[Extracted records]
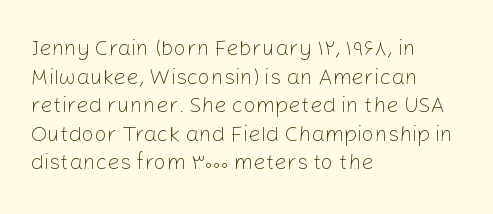
Q: Is the text bold? A: No.
Q: Is the text italic (slanted)? A: No, it is upright.
Q: Is the text underlined? A: No.
Q: How is the paragraph aligned? A: Left-aligned.
Q: Is the spacing between letters normal or unusually wide? A: Normal.
Q: Is the spacing between lines tight, normal or loose? A: Normal.
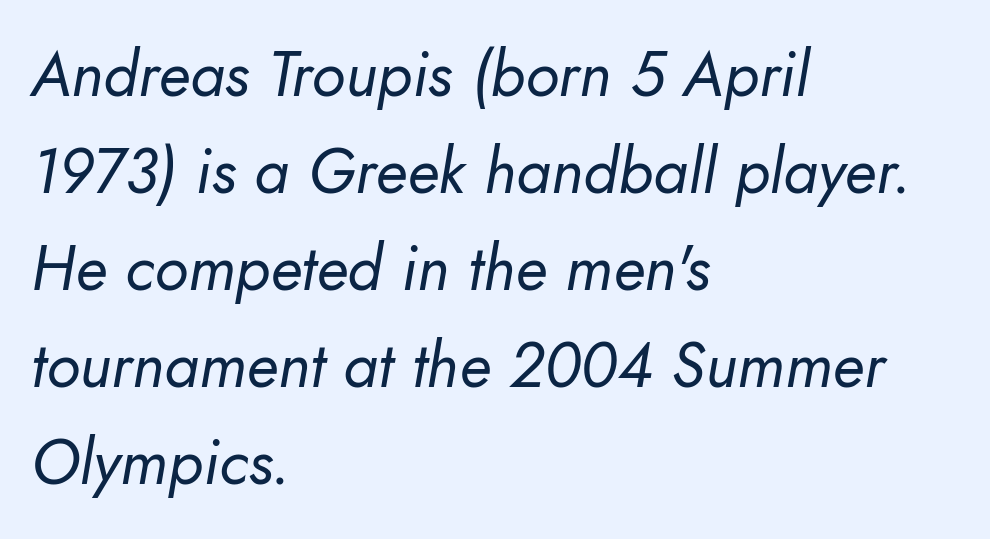
{"italic": "yes", "lean": "right", "slant_degrees": 10, "bold": "no", "weight": "regular", "width": "normal", "stroke_contrast": "low", "x_height": "small", "monospaced": "no", "underline": "no", "align": "left", "line_spacing": "normal", "line_spacing_ratio": 1.54, "letter_spacing": "normal", "letter_spacing_em": 0.0, "glyph_px": 63}
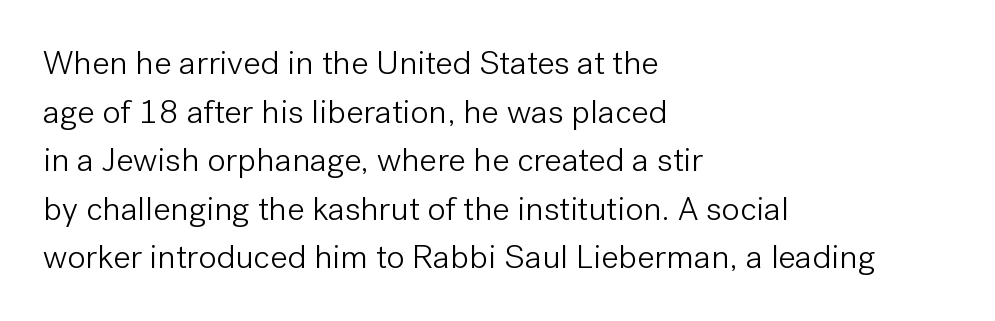
In CSS terms this would be text-align: left. Typographically, this falls in the sans-serif category. Characters remain perfectly vertical along every line. The face used here is proportionally spaced, like ordinary book or web type. What's the leading like? Ordinary, nothing unusual. Each stroke keeps to a modest, everyday thickness or less.
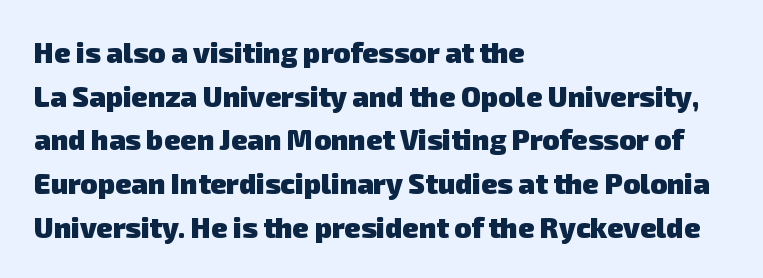
The image shows 28 px heavy sans-serif type; set left-aligned, normal line spacing (1.56x), normal letter spacing, not underlined; low stroke contrast and a medium x-height.
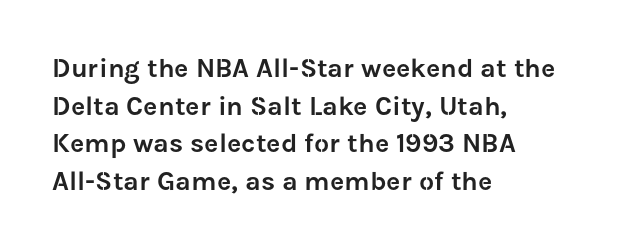
Plain, unruled lines of type. The lines in this sample share a left origin and differ only in where they stop. The specimen reads as upright at a glance. Letter spacing: default. If you measured baseline to baseline, you'd find a middling distance.
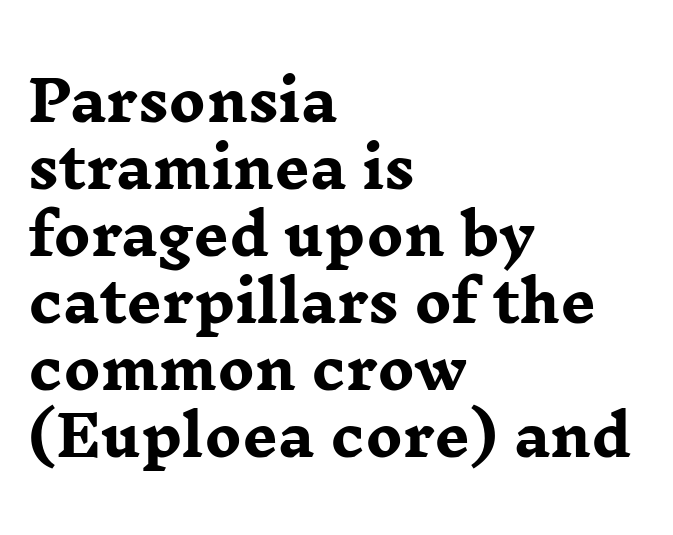
The paragraph shown leans on its left margin. This is heavy type, rendered in bold. Does the type have serifs? Yes, each stem ends in a small foot. Observe the ordinary spacing: letters are neighbours, not strangers. Spacing verdict: proportional, widths tailored to each character.
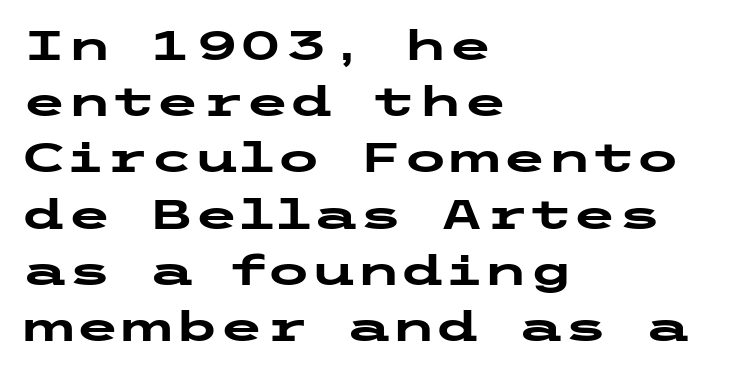
{"serif": "no", "italic": "no", "bold": "yes", "weight": "heavy", "width": "wide", "stroke_contrast": "low", "x_height": "medium", "underline": "no", "align": "left", "line_spacing": "normal", "line_spacing_ratio": 1.37, "letter_spacing": "normal", "letter_spacing_em": 0.0, "glyph_px": 41}
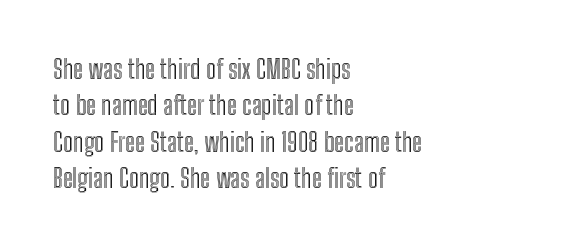
The image shows 26 px text type, upright; set left-aligned, normal line spacing (1.4x), normal letter spacing, not underlined.
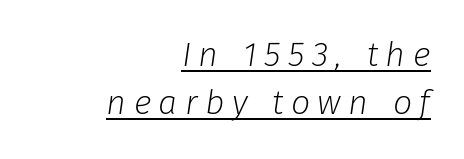
The image shows 34 px light type, italic (leaning right); set right-aligned, normal line spacing (1.42x), unusually wide letter spacing (+0.22 em), underlined; low stroke contrast and a medium x-height.
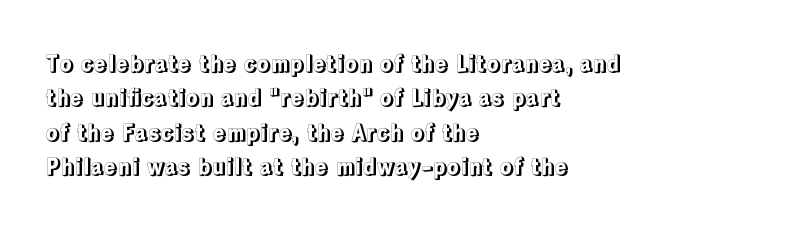
Teacher's note: observe the even left margin — that is flush-left alignment. The passage shown has conventional tracking throughout. It's the straight-up-and-down kind of type. The block of text has a typical density, with ordinary space between rows. The area under the type is left untouched.
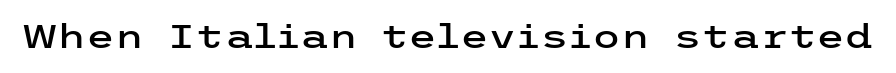
Q: Is the text italic (slanted)? A: No, it is upright.
Q: Is the typeface a serif or a sans-serif typeface? A: Sans-serif.
Q: Is the text underlined? A: No.
Q: Is the spacing between letters normal or unusually wide? A: Normal.
Q: Width (condensed, normal, or wide)? A: Wide.
Q: Stroke contrast? A: Low.
Q: x-height? A: Medium.
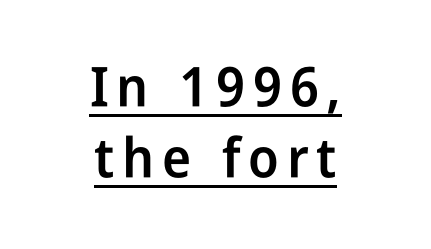
{"serif": "no", "italic": "no", "bold": "semi", "weight": "semibold", "width": "condensed", "stroke_contrast": "low", "x_height": "medium", "monospaced": "no", "underline": "yes", "align": "center", "line_spacing": "normal", "line_spacing_ratio": 1.29, "glyph_px": 55}
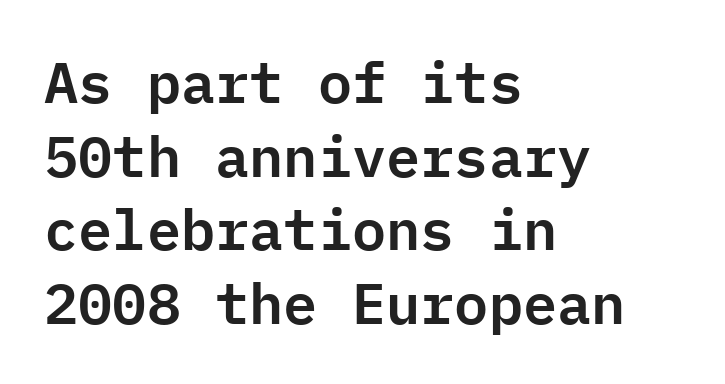
{"serif": "no", "italic": "no", "width": "normal", "stroke_contrast": "low", "x_height": "medium", "monospaced": "yes", "underline": "no", "align": "left", "line_spacing": "normal", "line_spacing_ratio": 1.29, "letter_spacing": "normal", "letter_spacing_em": 0.0, "glyph_px": 57}
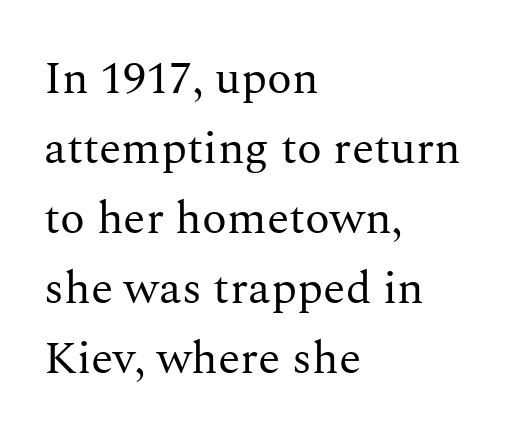
The image shows 46 px regular-weight serif type, upright; set left-aligned, normal line spacing (1.52x), normal letter spacing, not underlined; medium stroke contrast and a medium x-height.
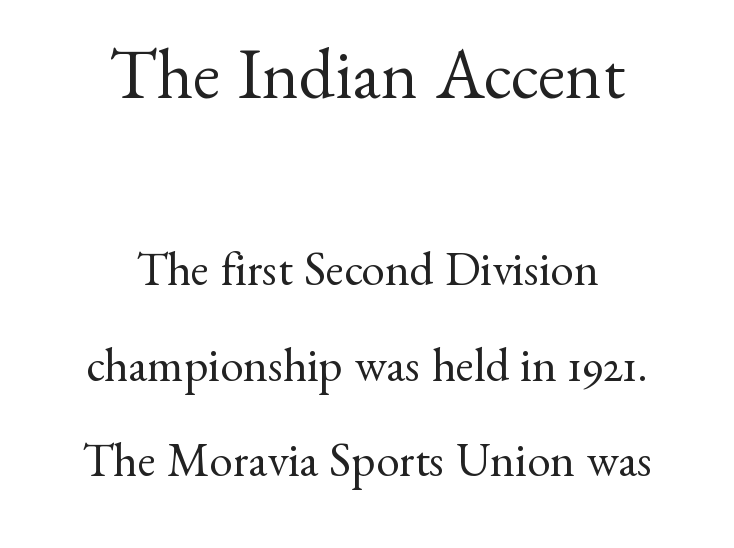
Does the lettering tilt? It doesn't — this is upright. Proportional: the letters do not fall into vertical columns. These glyphs show unthickened strokes, regular width or finer. A centered setting, common on invitations and titles, is used for this passage. Large over small — that's the arrangement of the two blocks here.
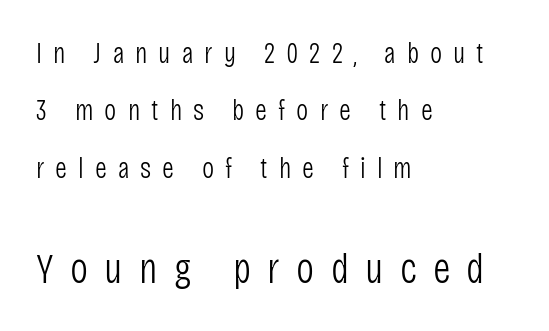
{"serif": "no", "italic": "no", "bold": "no", "weight": "light", "width": "condensed", "stroke_contrast": "low", "x_height": "large", "monospaced": "no", "underline": "no", "align": "left", "line_spacing": "loose", "line_spacing_ratio": 1.98, "letter_spacing": "wide", "letter_spacing_em": 0.38, "larger_block": "second", "size_ratio": 1.48, "glyph_px": 43}
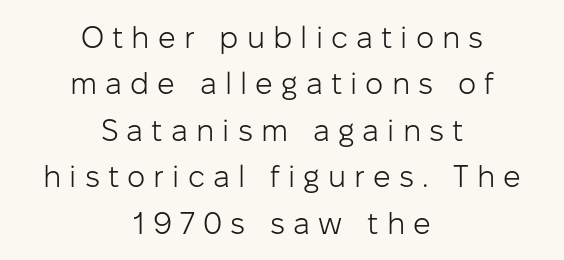
{"serif": "no", "italic": "no", "bold": "no", "weight": "light", "width": "normal", "stroke_contrast": "low", "x_height": "medium", "monospaced": "no", "underline": "no", "align": "center", "line_spacing": "normal", "line_spacing_ratio": 1.5, "letter_spacing": "wide", "letter_spacing_em": 0.26, "glyph_px": 31}
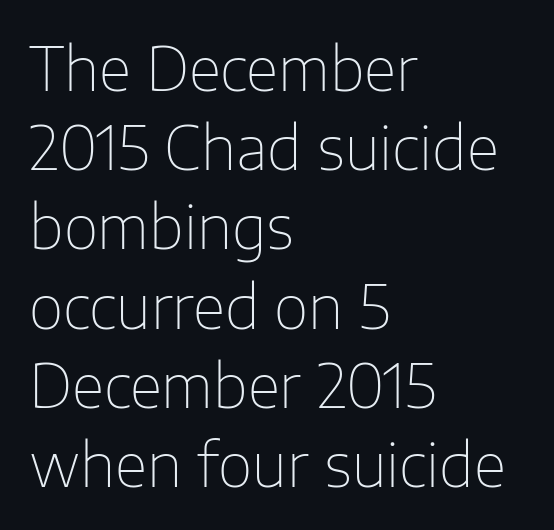
To sum up the face: it is a sans, with no serifs. Heft: none added — not bold. These lines are set flush left with a ragged right edge. These lines were composed using upright roman letters.
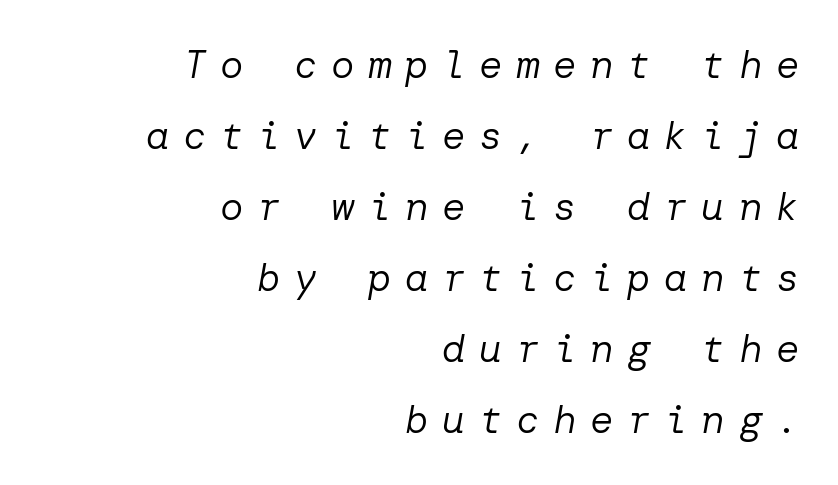
Q: Is the text bold? A: No.
Q: Is the text italic (slanted)? A: Yes, it leans right by about 10 degrees.
Q: Is the text underlined? A: No.
Q: How is the paragraph aligned? A: Right-aligned.
Q: Is the spacing between letters normal or unusually wide? A: Unusually wide.
Q: Width (condensed, normal, or wide)? A: Normal.
Q: Stroke contrast? A: Low.
Q: x-height? A: Medium.
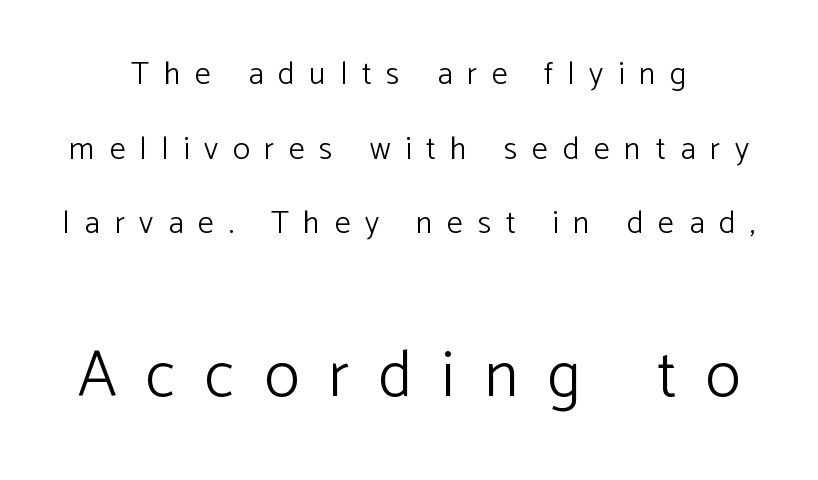
Is this a fixed-width face? No — the glyphs have proportional, varying widths. The type sits square on the baseline with zero lean. Does the type have serifs? No, each stem ends abruptly. The letters in the lower block stand taller than those in the block above. Someone cranked the tracking dial way up on this one.
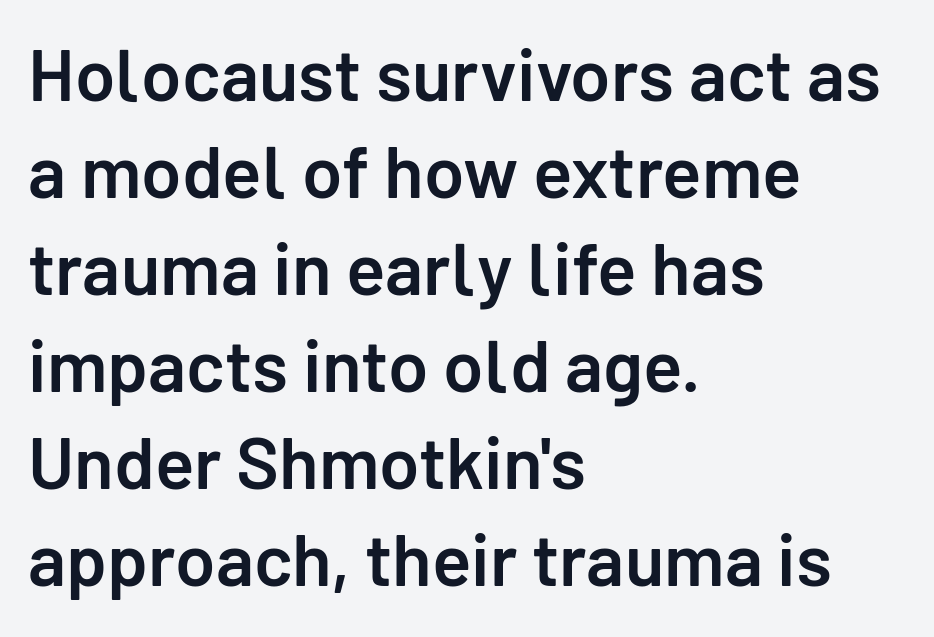
{"serif": "no", "italic": "no", "bold": "semi", "weight": "semibold", "width": "normal", "stroke_contrast": "low", "x_height": "medium", "monospaced": "no", "underline": "no", "align": "left", "line_spacing": "normal", "line_spacing_ratio": 1.33, "letter_spacing": "normal", "letter_spacing_em": 0.0, "glyph_px": 73}
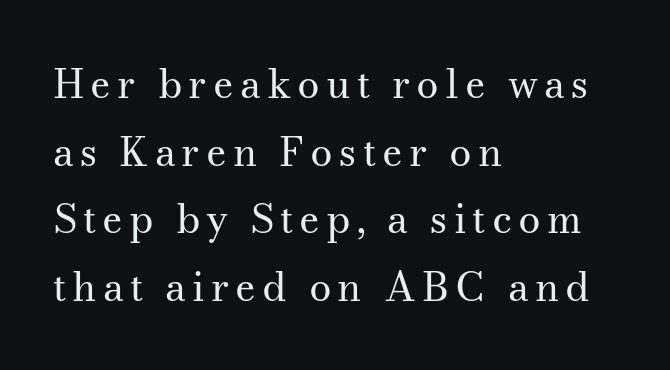
The image shows 40 px regular-weight serif type, upright; set left-aligned, normal line spacing (1.69x), not underlined; medium stroke contrast and a small x-height.
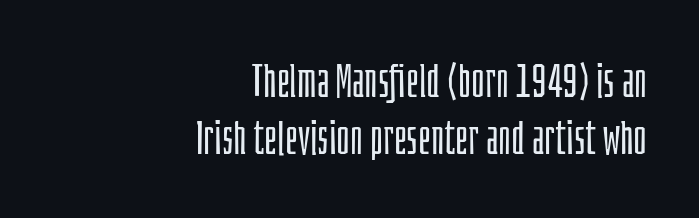
Q: Is the text bold? A: No.
Q: Is the text italic (slanted)? A: No, it is upright.
Q: Is the typeface a serif or a sans-serif typeface? A: Sans-serif.
Q: Is the text underlined? A: No.
Q: How is the paragraph aligned? A: Right-aligned.
Q: Is the spacing between letters normal or unusually wide? A: Normal.
Q: Is the spacing between lines tight, normal or loose? A: Normal.
Q: Width (condensed, normal, or wide)? A: Condensed.
Q: Stroke contrast? A: Low.
Q: x-height? A: Large.
Q: Monospaced? A: No.
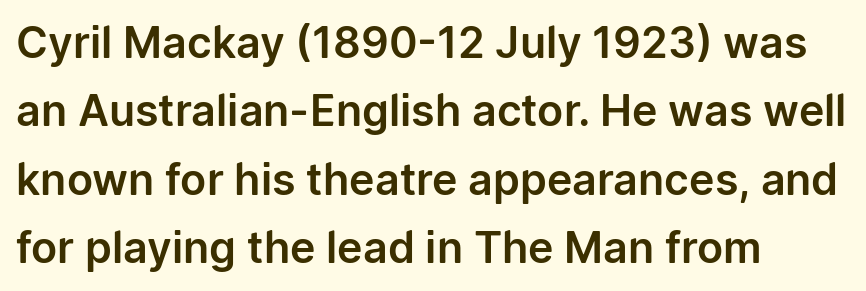
Q: Is the text italic (slanted)? A: No, it is upright.
Q: Is the typeface a serif or a sans-serif typeface? A: Sans-serif.
Q: Is the text underlined? A: No.
Q: How is the paragraph aligned? A: Left-aligned.
Q: Is the spacing between letters normal or unusually wide? A: Normal.
Q: Is the spacing between lines tight, normal or loose? A: Normal.
Q: Width (condensed, normal, or wide)? A: Normal.
Q: Stroke contrast? A: Low.
Q: x-height? A: Medium.
Q: Monospaced? A: No.
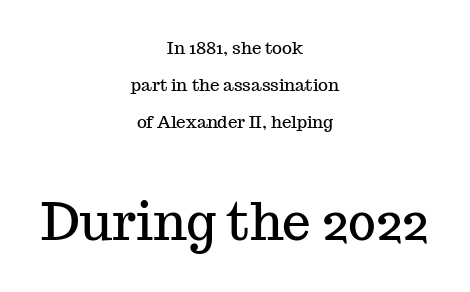
Unmarked baselines from the first word to the last. You could call the tracking neutral — neither tight nor loose. These lines are centered, leaving both edges ragged. The rendering uses natural spacing where letterforms have individual widths. Does the bottom block carry the larger type? Yes, it does. Posture: upright roman.

WHAT IS BEING ASKED: After identifying the lines above that contain "glyphs", copy each one.

RESPONSE TO THIS EXERCISE:
Does the lettering tilt? It doesn't — this is upright. Proportional: the letters do not fall into vertical columns. These glyphs show unthickened strokes, regular width or finer. A centered setting, common on invitations and titles, is used for this passage. Large over small — that's the arrangement of the two blocks here.
Is this a fixed-width face? No — the glyphs have proportional, varying widths. The type sits square on the baseline with zero lean. Does the type have serifs? No, each stem ends abruptly. The letters in the lower block stand taller than those in the block above. Someone cranked the tracking dial way up on this one.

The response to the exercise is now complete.